One option is to be honest. Tell your in-laws that you appreciate their thoughtful invitation, but you simply aren't going to be able to join the party. There's no need to defend yourself or offer a long explanation; just state your position and leave it at that. Of course, you and your spouse have to be in complete agreement on this course.
A second choice is to attend the gathering but minimize contact. If travel is involved, stay at a hotel instead of your in-laws' home. Tell them that you're looking forward to spending time with them, but you don't want to get caught up in a feud between other members of the family. If the party does disintegrate into a shouting match, politely excuse yourselves and head for home.
There's also a third option, which is to approach the next family gathering from a different perspective. Try to see it as a time for reaching out in kindness and grace, even when that's challenging. Look for opportunities to extend love to some unlovely people -- and/or connect with others "on the sidelines." You may end up having a bigger impact in all their lives than you might suspect.
Q: Our 4-year-old daughter's selective eating habits are driving us crazy; she's VERY finicky about food. I view this as disobedience, but my husband fears that making an issue of it now will lead to trouble later. Help!
Dr. Danny Huerta, Vice President, Parenting & Youth: Dealing with a picky eater can be stressful -- my poor mother went through it with me! There's always a reason for any given behavior. Your daughter might be struggling with a sensory issue regarding specific textures, which could require professional guidance, or perhaps reacting to certain tastes.
But if she's simply a "fussy" eater, it could be tied to her emotions (stress, family conflict, guilt, frustration, anxiety). Many kids attempt to assert control over their environment through eating. You and your husband must work together to help your daughter expand her palate and learn how to communicate her emotions in healthy ways.

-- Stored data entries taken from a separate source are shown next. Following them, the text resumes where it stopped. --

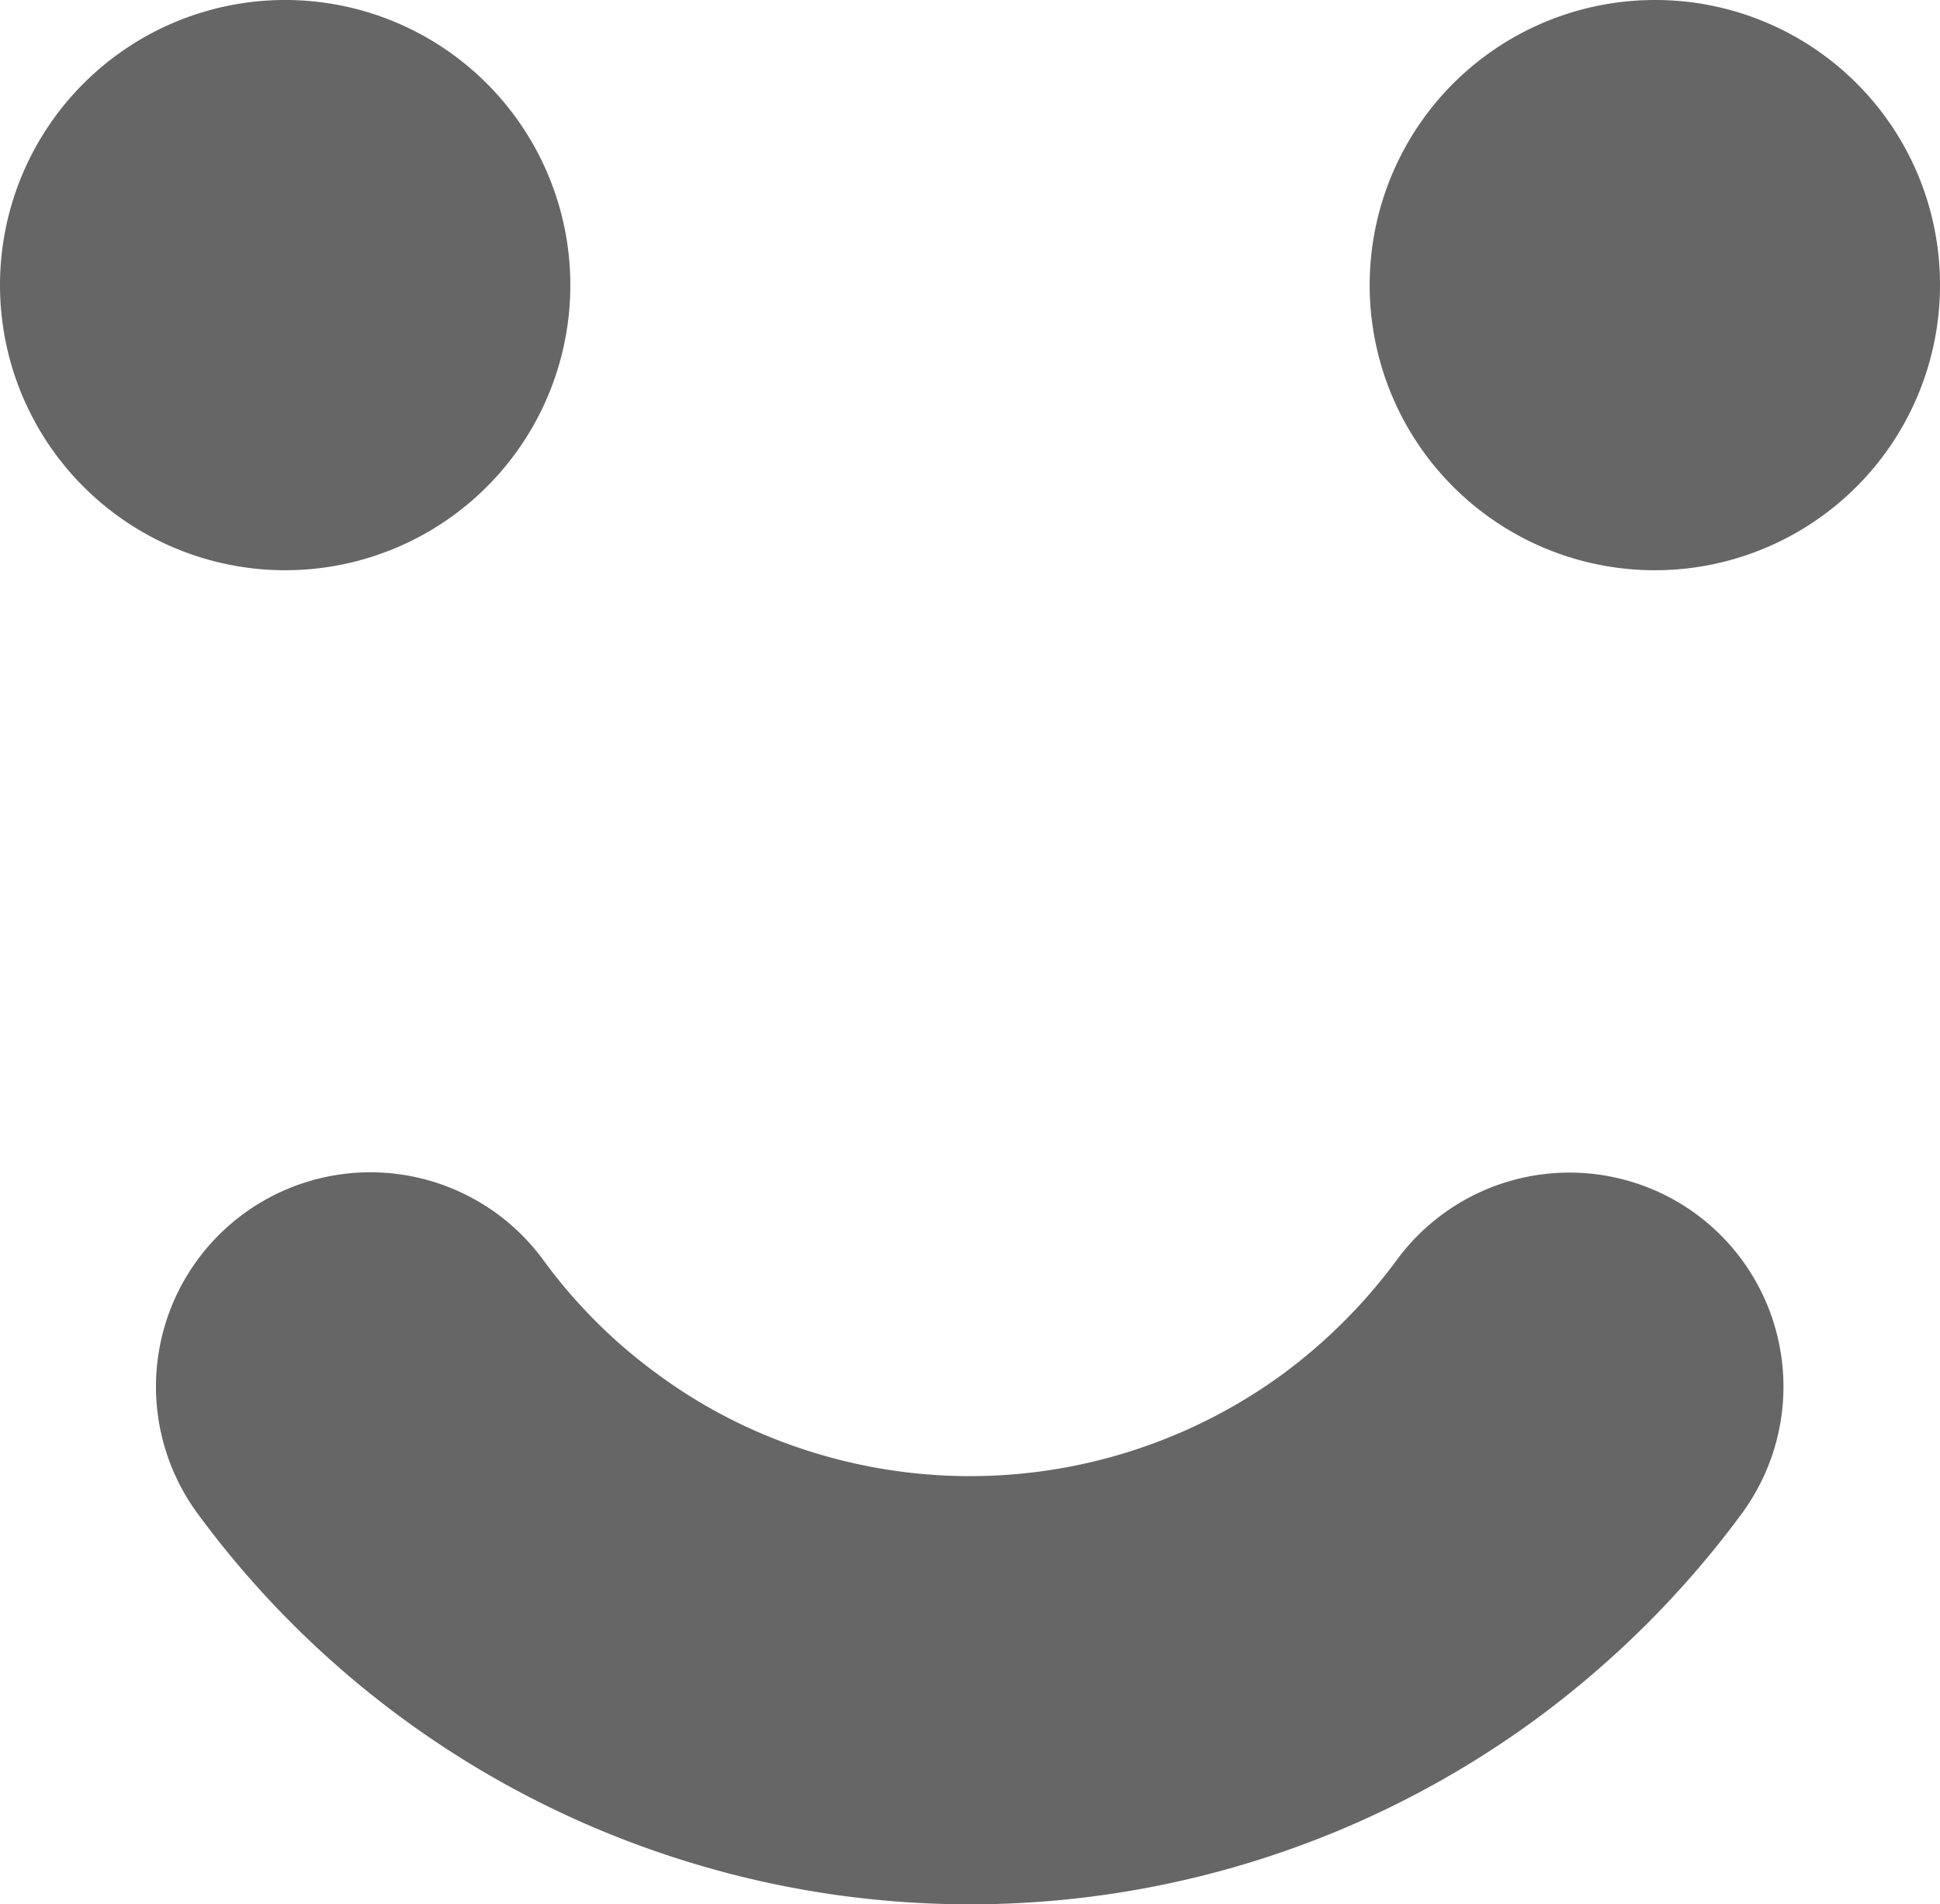 <svg xmlns="http://www.w3.org/2000/svg" width="202.821" height="199.118" viewBox="0 0 202.821 199.118">
  <g id="icon-face" transform="translate(-702.589 -218.441)">
    <g id="グループ_5" data-name="グループ 5" transform="translate(548 62)">
      <path id="パス_3" data-name="パス 3" d="M214.215,186.222a29.813,29.813,0,1,0-29.844,29.844A29.8,29.8,0,0,0,214.215,186.222Z" fill="#666"/>
      <path id="パス_4" data-name="パス 4" d="M331.946,283.41a22.4,22.4,0,0,0-31.3,4.742,56.477,56.477,0,0,1-12.035,12.031,55.426,55.426,0,0,1-50.083,7.782,53.908,53.908,0,0,1-15.195-7.84,54.479,54.479,0,0,1-11.973-11.973,22.411,22.411,0,0,0-36.106,26.559,100.017,100.017,0,0,0,49.172,35.742,100.08,100.08,0,0,0,90.622-14.164,101.166,101.166,0,0,0,21.636-21.578A22.4,22.4,0,0,0,331.946,283.41Z" fill="#666"/>
      <path id="パス_5" data-name="パス 5" d="M327.566,156.442a29.813,29.813,0,1,0,29.844,29.781A29.755,29.755,0,0,0,327.566,156.442Z" fill="#666"/>
    </g>
  </g>
</svg>

Here are some quick tips to consider:
Take inventory of your family's stress levels and overall emotional state. Strategize healthy ways to manage stress.
Your child may decide to skip a meal. Don't panic; she'll most likely be hungry at the next meal.
Give her a measure of control by offering a choice between two equally nutritious options, like broccoli or green beans as the vegetable. Take her shopping with you to select foods for your family's meals and have her help with some of the preparations.
Don't turn meals into power struggles. Allow a reasonable amount of time for her to eat, then put her plate in the refrigerator until the next meal.
Create a culture of connection in a safe, consistent and unhurried environment to eat together. Some families play board games or word games at the table to deflect attention away from the food.
With patience, Mom and Dad working together can help your child see food as fuel rather than a battlefield.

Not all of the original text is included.